# Neues Notebook



## Eyewitness (8. März 2002)

Ja, meine Firma ist so lieb und will mir ein Notebook zur Verfügung stellen. Aber, das ist so die Überlegung, es muß teurer als 3500 DM und billiger als 4500 DM sein. Wir wollen ja klotzen und nicht kleckern.
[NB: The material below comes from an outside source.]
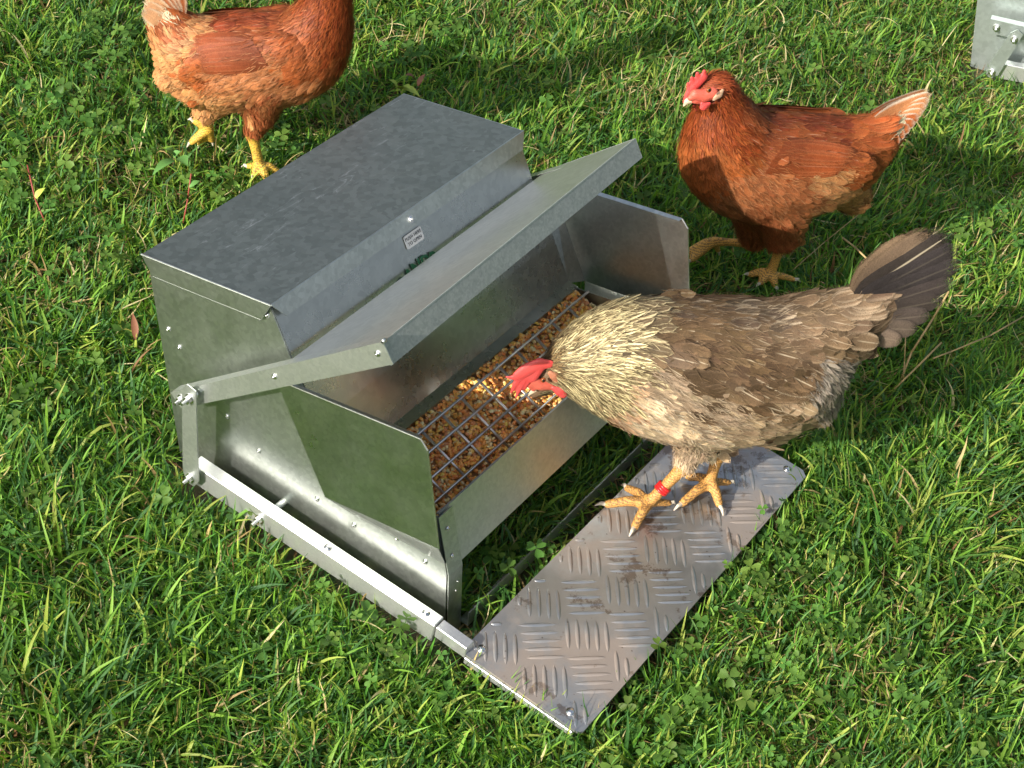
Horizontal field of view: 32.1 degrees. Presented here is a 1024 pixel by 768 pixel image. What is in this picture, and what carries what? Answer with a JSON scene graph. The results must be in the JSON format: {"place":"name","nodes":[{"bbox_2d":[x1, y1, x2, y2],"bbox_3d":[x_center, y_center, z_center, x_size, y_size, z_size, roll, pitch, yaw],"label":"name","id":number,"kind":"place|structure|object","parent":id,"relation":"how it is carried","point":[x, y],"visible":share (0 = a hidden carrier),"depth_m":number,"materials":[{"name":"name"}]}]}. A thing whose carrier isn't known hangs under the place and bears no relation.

Das klingt zwar jetzt komisch, ist aber kein Scherz. Ich wollte mal wissen, wie würdet Ihr dann die Komponenten zusammensetzen? Das hier soll nix anderes als der neuer PC Thread sein, nur eben für Notebooks.


----------



## Thimo Grauerholz (10. März 2002)

hi,
aus meinem letzten praktikum kann ich den medion laptop von aldi empfehlen.


----------



## Freaky (11. März 2002)

moin


also davon würd ich dir strengstens abraten...so ein schrott zu kaufen (medion, dell,  usw.) sorry TT aber ist nunmal so...  
ok für die dinger steht der preis keine frage...das wars aber auch schon nix von qualität..usw
aber kleiner preis große probleme.
spreche da aus erfahrung.


toshiba oder sony (wobei die etwas deuer sind) oder die HP´s business line serie (6100 serie) z.B. das
*hier* oder *hier* 

mußt halt wissen wofür du das brauchst....


gruß
freaky


----------



## dfd1 (11. März 2002)

Dell haben auch SEHR gute (Sch)laptops...


----------



## Thimo Grauerholz (12. März 2002)

also ich hatte mit dem von aldi auch keine probleme, naja können ja noch auftreten, aber das kannst du mit jedem laptop haben. das einzige was büschen ******e ist, dass du die aldi treiber cd nicht wegwerfen solltest!


----------



## ERkann (12. März 2002)

freaky hat schon recht...medion und konsorten verbauen *billig*       hardware
genau so wie bei den fertig PC´s. 
Man hat fast keine möglichkeit zur aufrüstung, und wenn man aufrüstet ist die garantie futsch.
Medion tauscht zwar die rechner und notebooks aber man bekommt den gleichen schrott zurück *g*


jeder der ein fertig PC vom aldi hat weiß wo von ich rede !!!!

#so long#

gruß
ERkann immer


----------